On the supply side, industry shrank by 1.9%, versus 0.5% growth in 2014, as a decline in construction outweighed improvements in mining and manufacturing. Cuts in public investment and lower demand for real estate reversed a 9.1% expansion in construction in 2014 to a 13.4% contraction. Growth in services decelerated to 4.5% from 7.4% in 2014, owing to a slowdown in social and other services. Agriculture had the strongest increase, as government concessions on inputs contributed to 6.6% growth following 2.6% decline in 2014.
On the demand side, private and public consumption are believed to have declined because of currency depreciation and some tightening of lending later in the year, even as household savings grew by 31.7% in 2015, more than double the 12.4% growth rate in 2014. Net exports fell sharply because of lower oil prices, as hydrocarbons constitute more than 90% of exports.
Without strong fiscal stimulus, the economy is projected to contract by 1.0% in 2016 because of continued low oil prices, followed by 1.0% growth in 2017 as an expected revival in oil prices facilitates economic recovery.
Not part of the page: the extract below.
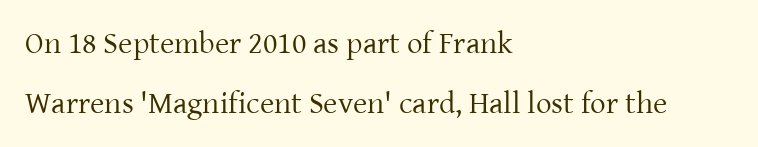
The image shows 31 px regular-weight serif type, upright; set left-aligned, loose line spacing (1.93x), normal letter spacing, not underlined; low stroke contrast and a medium x-height.

Higher social spending should limit the downturn in 2016. Despite a 10% salary increase for civil servants introduced in early 2016, real household spending is expected to slow as sharply higher inflation, at 12%, reduces real incomes.
On the supply side, industry is forecast to contract in 2016 because of slowing oil production, but it could improve in 2017 and raise incomes if oil prices rebound. Public investment, including assistance from development partners for infrastructure, should stabilize construction in both years. Some growth in agriculture is also anticipated each year with continued government support for farmers, including the anticipated completion of reservoir and irrigation networks.
On the demand side, private consumption and investment, both public and private, will be the main sources of growth. Net exports should narrow in 2016 and recover in 2017 along with oil prices, but the growth outlook remains vulnerable to any further energy price shock.